Layer 4: Transportation and Labor Market
For industrial, logistics and manufacturing development, proximity to interstate access, port access and labor market depth are often determinative.
What to pull:
FHWA Highway Performance Monitoring System (HPMS) for traffic counts and road classification
BLS Quarterly Census of Employment and Wages (QCEW) by county -- labor force by occupation
Census LEHD (Longitudinal Employer-Household Dynamics) for commute patterns
Port throughput data (Army Corps of Engineers Waterborne Commerce Statistics)
Rail network data (AAR, individual Class I railroad GIS layers)
What to watch: BLS labor market data lags by 12-18 months. For sites in tightening labor markets -- logistics corridors, EV manufacturing clusters -- current wage surveys from local economic development organizations are more reliable for underwriting labor cost assumptions.
Layer 5: Market Demand
Demand data calibrates whether there's a tenant or buyer for what you're proposing to build.
What to pull:
CBRE, JLL and Cushman quarterly market reports (publicly available for major markets)
Real Capital Analytics (MSCI) for transaction volume and pricing benchmarks
Asset-class specific research: CBRE Data Center Solutions reports for data centers, Prologis Research for industrial and logistics
What to watch: Broker reports aggregate market-level data. Development decisions often require submarket-level analysis that broker reports don't provide at sufficient resolution. AI-assisted synthesis from multiple sources tends to outperform relying on a single broker report for granular submarket analysis -- particularly in emerging industrial corridors or secondary data center markets where coverage is thinner.

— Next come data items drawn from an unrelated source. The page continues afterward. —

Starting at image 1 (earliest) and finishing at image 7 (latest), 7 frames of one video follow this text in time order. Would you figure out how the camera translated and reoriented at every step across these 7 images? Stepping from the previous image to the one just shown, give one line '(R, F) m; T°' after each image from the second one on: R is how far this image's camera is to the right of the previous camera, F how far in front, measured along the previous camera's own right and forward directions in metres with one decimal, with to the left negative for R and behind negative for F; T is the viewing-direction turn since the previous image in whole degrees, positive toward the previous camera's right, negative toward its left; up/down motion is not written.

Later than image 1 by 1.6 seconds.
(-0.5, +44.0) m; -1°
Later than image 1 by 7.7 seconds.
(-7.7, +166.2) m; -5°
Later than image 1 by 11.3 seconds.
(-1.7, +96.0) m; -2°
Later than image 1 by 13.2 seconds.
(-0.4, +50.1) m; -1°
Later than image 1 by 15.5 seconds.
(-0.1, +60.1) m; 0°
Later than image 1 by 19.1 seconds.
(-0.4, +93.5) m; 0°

Layer 6: Parcel and Ownership Data
Identifying who owns a site and whether they're likely to transact is the bridge from screening to acquisition.
What to pull:
County assessor records (most now available via public API or web scraping)
Regrid, LightBox or similar parcel aggregation platforms for clean national coverage
Secretary of state entity records for LLC ownership chains
UCC filings and title plant data for encumbrance screening
What to watch: LLC anonymity layers make true ownership verification slow. For large acquisitions, a title search is required regardless of what assessor records show. The assessor record tells you who paid taxes last year. The title plant tells you who can actually sign a deed.

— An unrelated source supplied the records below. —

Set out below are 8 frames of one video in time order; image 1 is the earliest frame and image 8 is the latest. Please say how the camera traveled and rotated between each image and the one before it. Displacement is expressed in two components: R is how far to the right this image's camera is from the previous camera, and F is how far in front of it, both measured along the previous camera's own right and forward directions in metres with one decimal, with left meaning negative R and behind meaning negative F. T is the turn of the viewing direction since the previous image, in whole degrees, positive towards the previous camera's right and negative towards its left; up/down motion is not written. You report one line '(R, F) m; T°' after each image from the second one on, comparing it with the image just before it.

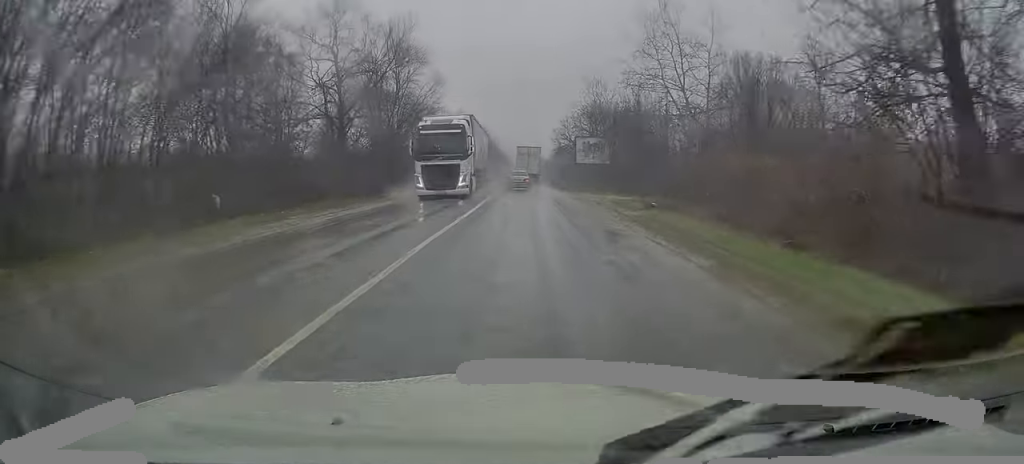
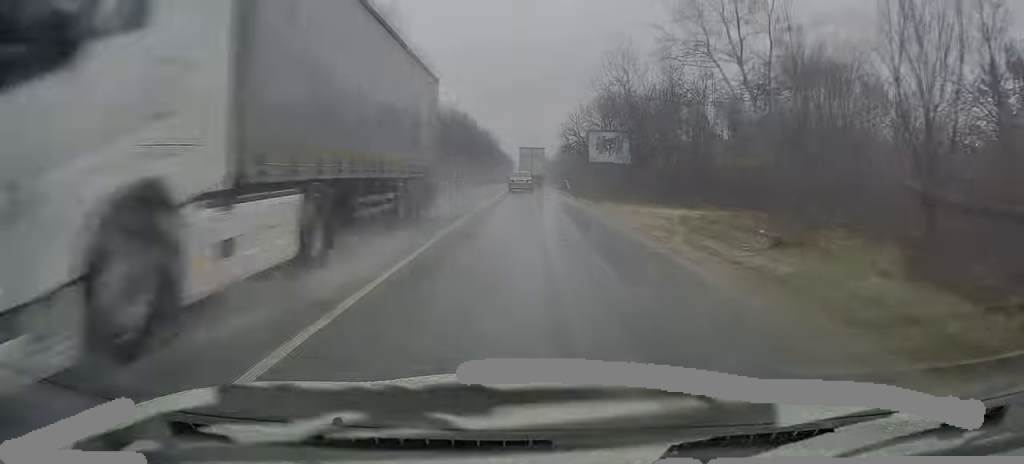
(+0.1, +12.3) m; +1°
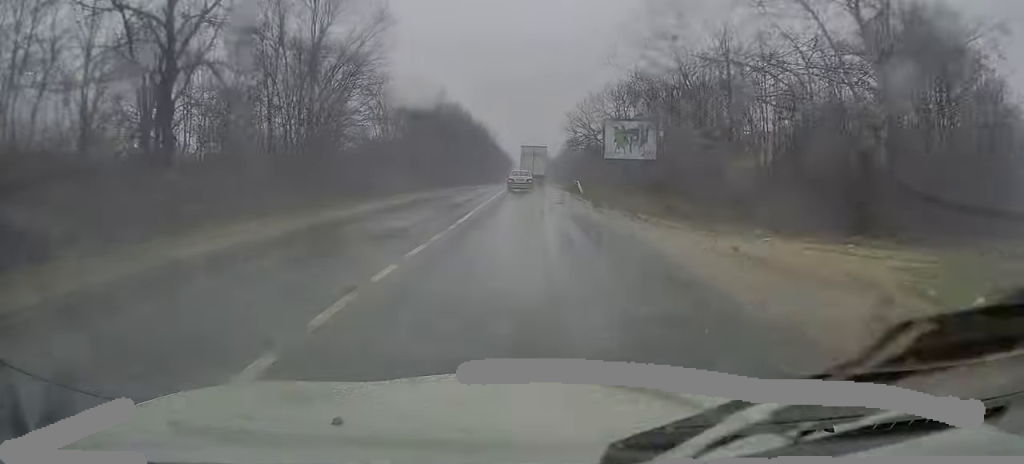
(+0.2, +12.9) m; +1°
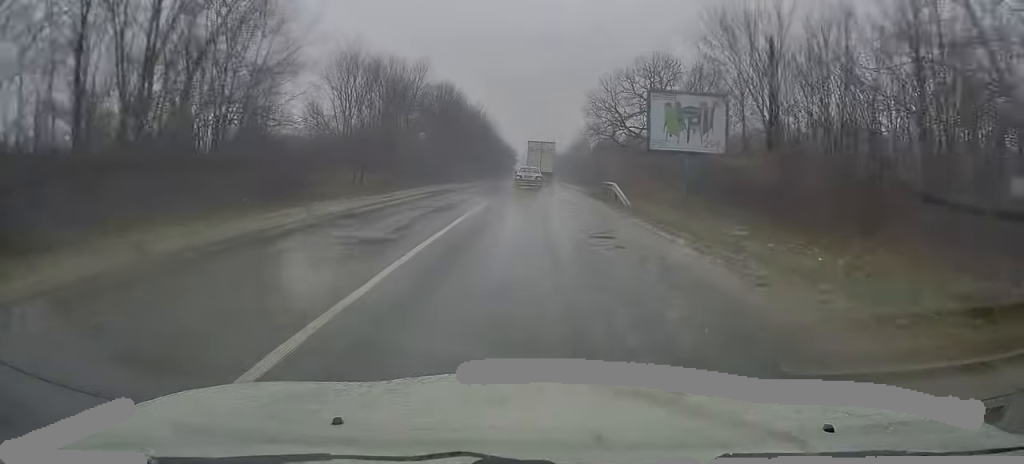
(+0.2, +16.6) m; 0°
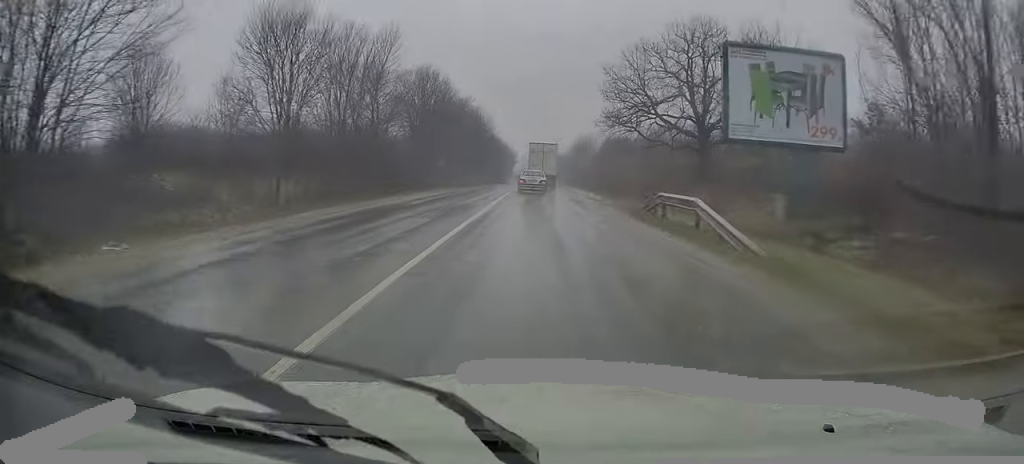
(-0.3, +13.4) m; -1°
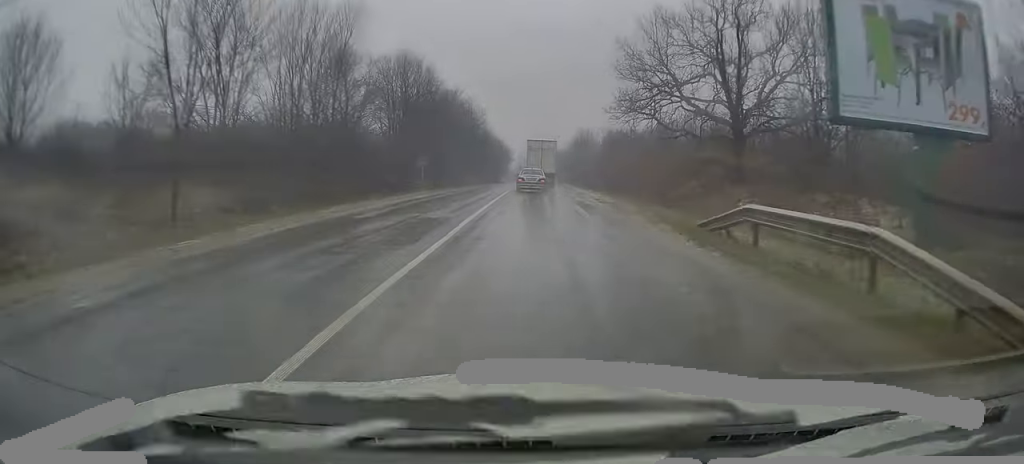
(0.0, +7.8) m; 0°
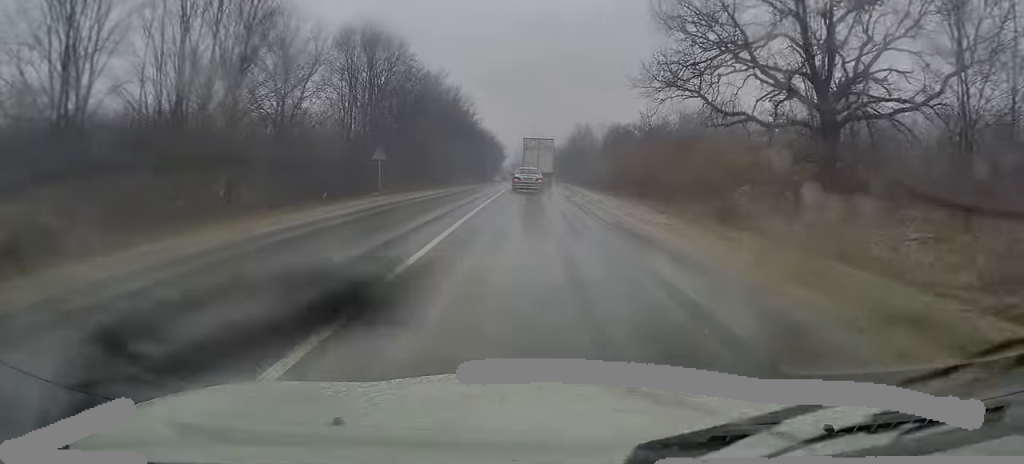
(0.0, +11.3) m; +1°
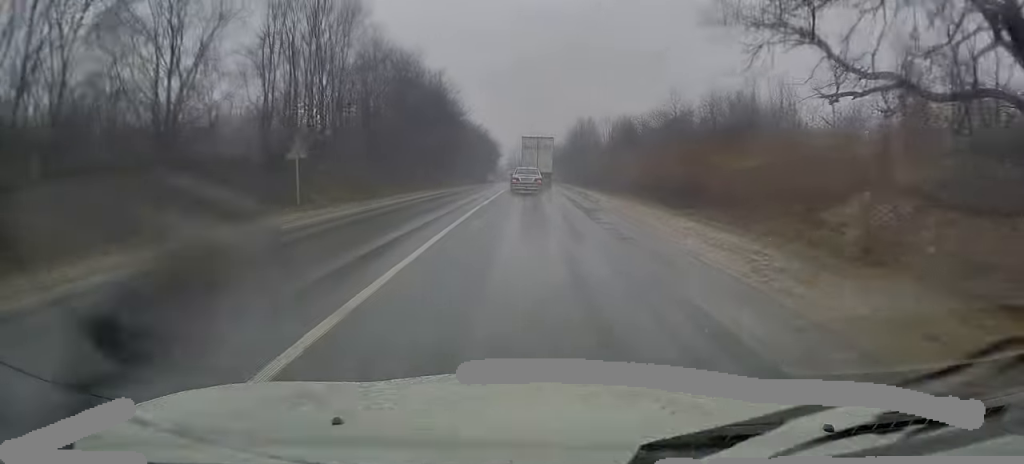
(+0.2, +11.8) m; 0°

How AI Changes the Assembly Process
The traditional approach: each data layer gets pulled by a different team member, formatted into a different spreadsheet, and manually cross-referenced. Two analysts, two weeks, for a 50-parcel screen.

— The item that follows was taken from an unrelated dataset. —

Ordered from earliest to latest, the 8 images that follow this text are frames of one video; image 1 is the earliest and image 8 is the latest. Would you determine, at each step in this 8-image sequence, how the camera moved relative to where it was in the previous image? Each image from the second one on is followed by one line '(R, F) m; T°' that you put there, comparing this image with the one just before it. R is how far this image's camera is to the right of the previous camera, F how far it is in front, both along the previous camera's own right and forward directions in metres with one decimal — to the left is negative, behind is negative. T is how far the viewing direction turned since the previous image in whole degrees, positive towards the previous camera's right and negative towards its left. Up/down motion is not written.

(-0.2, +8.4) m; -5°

Modern AI-assisted workflows run these layers in parallel. An agent ingests parcel boundaries, queries each relevant data source, scores each site against a defined criteria set, and returns a ranked shortlist with flagged issues. The analyst reviews the output rather than assembling it.
The real value isn't speed alone -- it's consistency. Manual screens miss things. Power availability gets skipped for sites where the team has a strong relationship with the local economic development office. Environmental flags get rationalized. AI-driven screens apply the same criteria to every parcel.
Where human judgment stays critical: Interpreting utility capacity signals (utilities often understate available capacity in formal queues), reading local political dynamics and deciding whether a flagged risk is a dealbreaker or manageable. The sites development teams are winning are the ones where the data was assembled faster and acted on before competing buyers knew the site was available.